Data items
++++++++++++++++++++

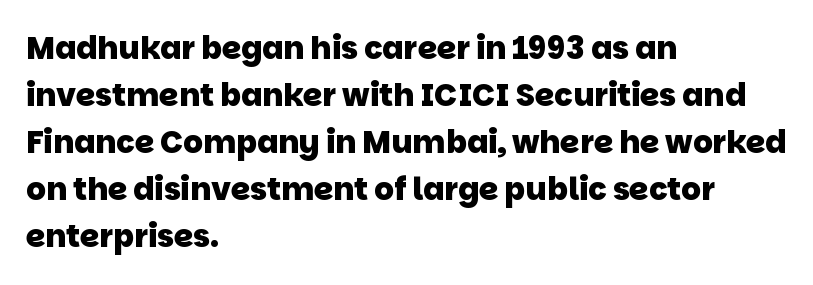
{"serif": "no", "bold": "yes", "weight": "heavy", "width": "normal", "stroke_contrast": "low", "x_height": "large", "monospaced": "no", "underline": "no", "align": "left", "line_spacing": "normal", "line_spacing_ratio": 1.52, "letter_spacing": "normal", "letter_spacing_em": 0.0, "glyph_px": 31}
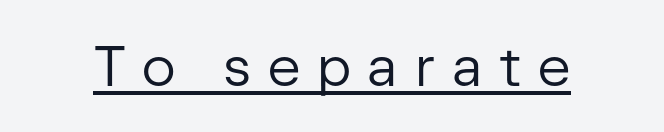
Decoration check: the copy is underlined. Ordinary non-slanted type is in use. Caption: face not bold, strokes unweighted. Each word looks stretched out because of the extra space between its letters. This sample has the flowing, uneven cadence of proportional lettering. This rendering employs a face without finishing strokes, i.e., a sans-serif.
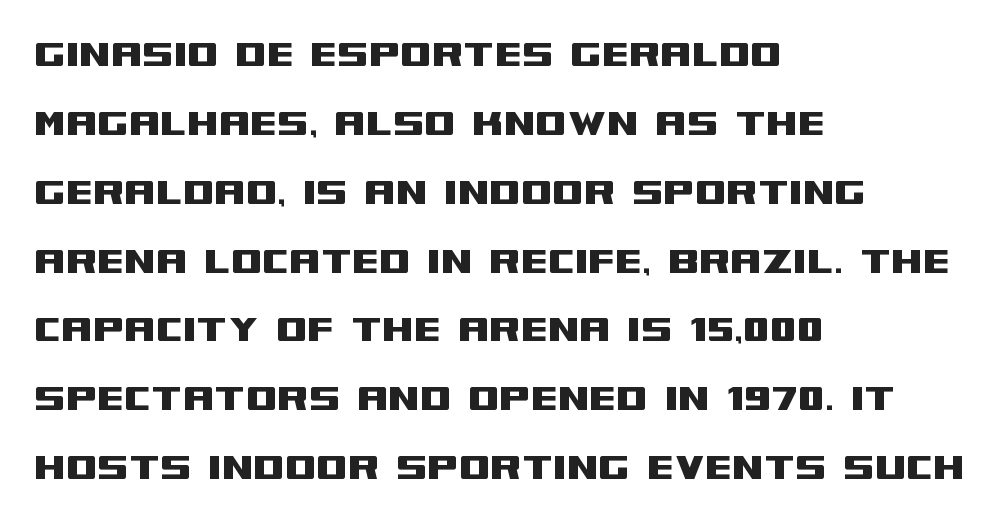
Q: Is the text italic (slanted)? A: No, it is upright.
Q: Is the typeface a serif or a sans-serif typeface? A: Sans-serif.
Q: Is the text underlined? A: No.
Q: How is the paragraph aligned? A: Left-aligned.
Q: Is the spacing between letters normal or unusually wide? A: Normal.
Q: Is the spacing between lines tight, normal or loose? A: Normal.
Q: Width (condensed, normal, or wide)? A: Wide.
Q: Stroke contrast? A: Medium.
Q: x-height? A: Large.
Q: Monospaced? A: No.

++++++++++++++++++++

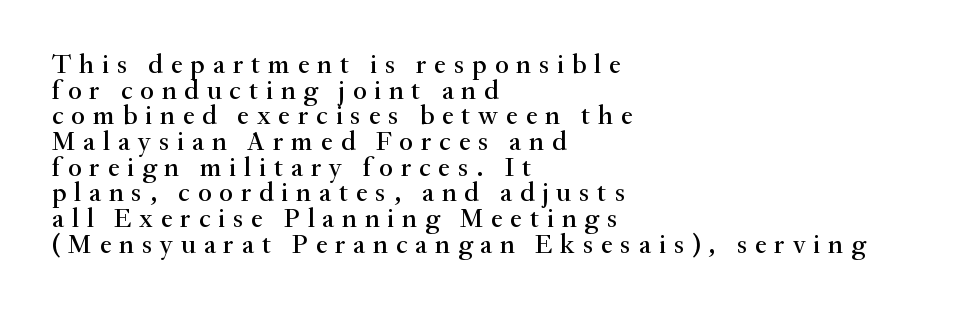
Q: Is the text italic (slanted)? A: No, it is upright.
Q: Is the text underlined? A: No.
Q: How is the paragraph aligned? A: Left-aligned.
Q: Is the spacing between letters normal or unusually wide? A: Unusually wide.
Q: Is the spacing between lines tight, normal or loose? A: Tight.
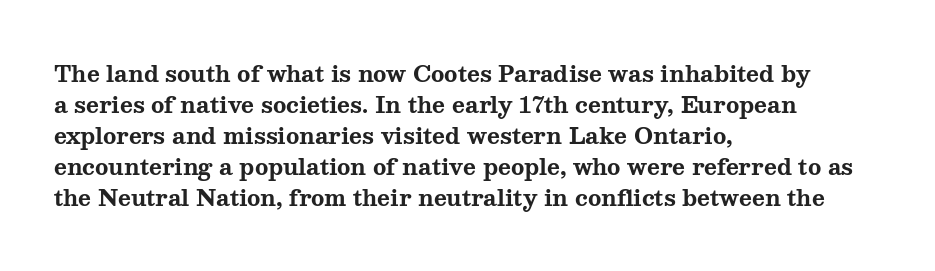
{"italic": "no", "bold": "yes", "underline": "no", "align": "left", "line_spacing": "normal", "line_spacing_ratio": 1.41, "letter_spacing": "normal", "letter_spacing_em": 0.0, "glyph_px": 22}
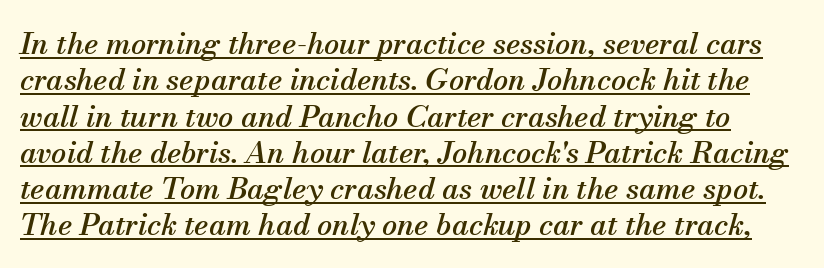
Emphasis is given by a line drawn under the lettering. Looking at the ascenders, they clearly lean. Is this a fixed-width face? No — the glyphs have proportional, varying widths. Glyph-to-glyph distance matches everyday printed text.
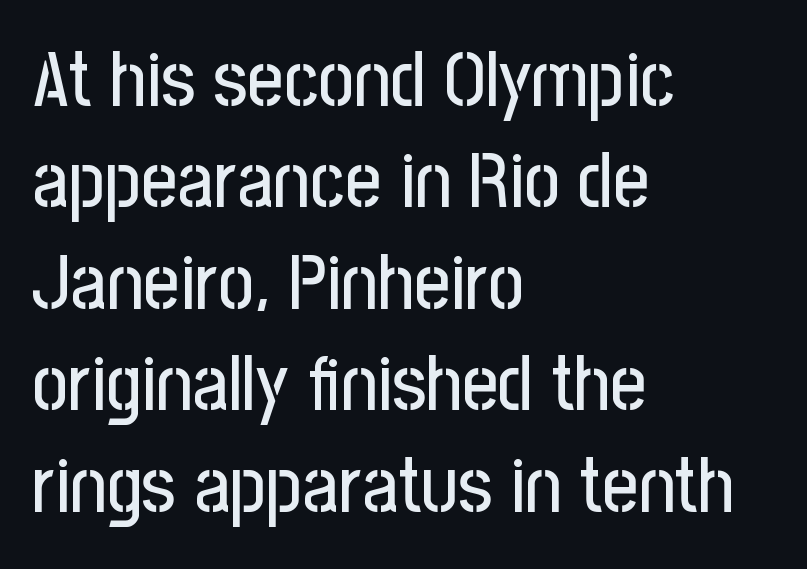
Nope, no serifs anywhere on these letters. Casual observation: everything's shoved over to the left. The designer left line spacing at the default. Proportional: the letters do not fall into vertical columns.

++++++++++++++++++++

# Requirement:
From the records above, extract exactly and only the lines that begin at the line with "Q: Is the typeface" and stop after the line with "Q: x-height? A: Large.".

# Problem solution:
Q: Is the typeface a serif or a sans-serif typeface? A: Sans-serif.
Q: Is the text underlined? A: No.
Q: How is the paragraph aligned? A: Left-aligned.
Q: Is the spacing between letters normal or unusually wide? A: Normal.
Q: Is the spacing between lines tight, normal or loose? A: Normal.
Q: Width (condensed, normal, or wide)? A: Wide.
Q: Stroke contrast? A: Medium.
Q: x-height? A: Large.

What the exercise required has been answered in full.